Please reproduce the listing verbatim, without its images.

Top of SOURCE MATERIAL

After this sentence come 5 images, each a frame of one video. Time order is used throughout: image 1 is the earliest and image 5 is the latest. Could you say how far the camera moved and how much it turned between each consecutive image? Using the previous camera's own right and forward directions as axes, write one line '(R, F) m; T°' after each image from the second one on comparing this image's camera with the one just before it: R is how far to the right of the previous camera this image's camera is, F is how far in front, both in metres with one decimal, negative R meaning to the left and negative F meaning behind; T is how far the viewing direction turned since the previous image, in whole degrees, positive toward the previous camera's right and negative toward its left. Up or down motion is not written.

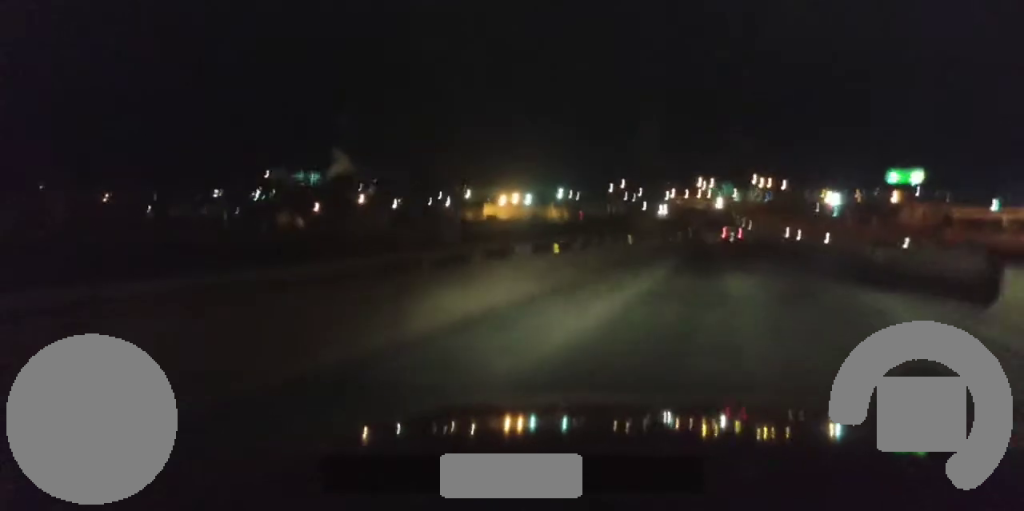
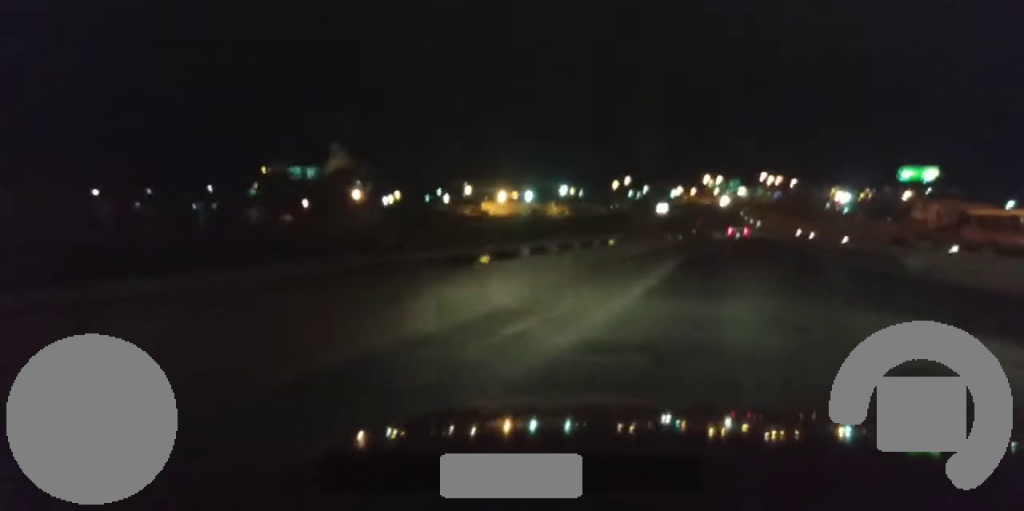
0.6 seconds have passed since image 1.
(-0.1, +5.6) m; -1°
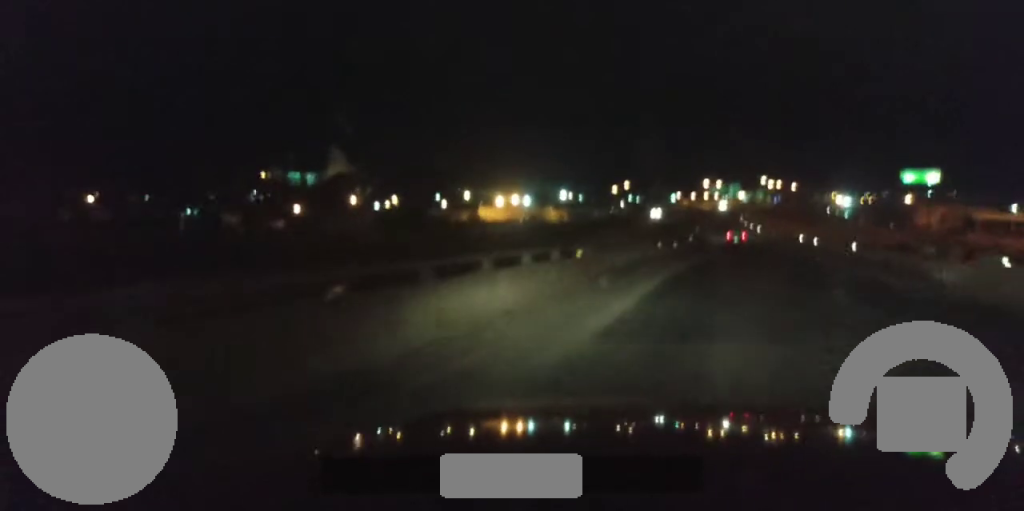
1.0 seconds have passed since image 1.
(-0.1, +4.8) m; -1°
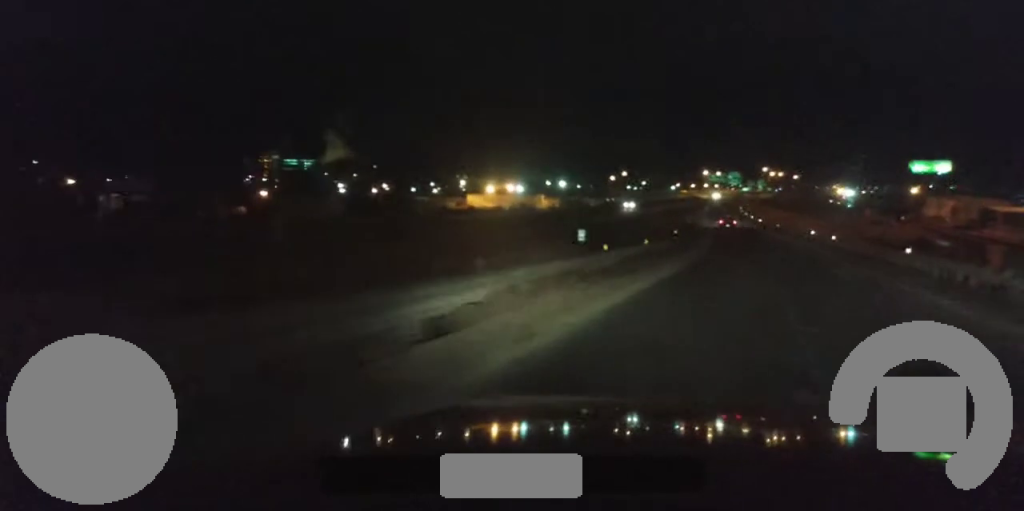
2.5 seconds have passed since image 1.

Bottom of SOURCE MATERIAL

**WRITTEN ANSWER**
After this sentence come 5 images, each a frame of one video. Time order is used throughout: image 1 is the earliest and image 5 is the latest. Could you say how far the camera moved and how much it turned between each consecutive image? Using the previous camera's own right and forward directions as axes, write one line '(R, F) m; T°' after each image from the second one on comparing this image's camera with the one just before it: R is how far to the right of the previous camera this image's camera is, F is how far in front, both in metres with one decimal, negative R meaning to the left and negative F meaning behind; T is how far the viewing direction turned since the previous image, in whole degrees, positive toward the previous camera's right and negative toward its left. Up or down motion is not written.

0.6 seconds have passed since image 1.
(-0.1, +5.6) m; -1°
1.0 seconds have passed since image 1.
(-0.1, +4.8) m; -1°
2.5 seconds have passed since image 1.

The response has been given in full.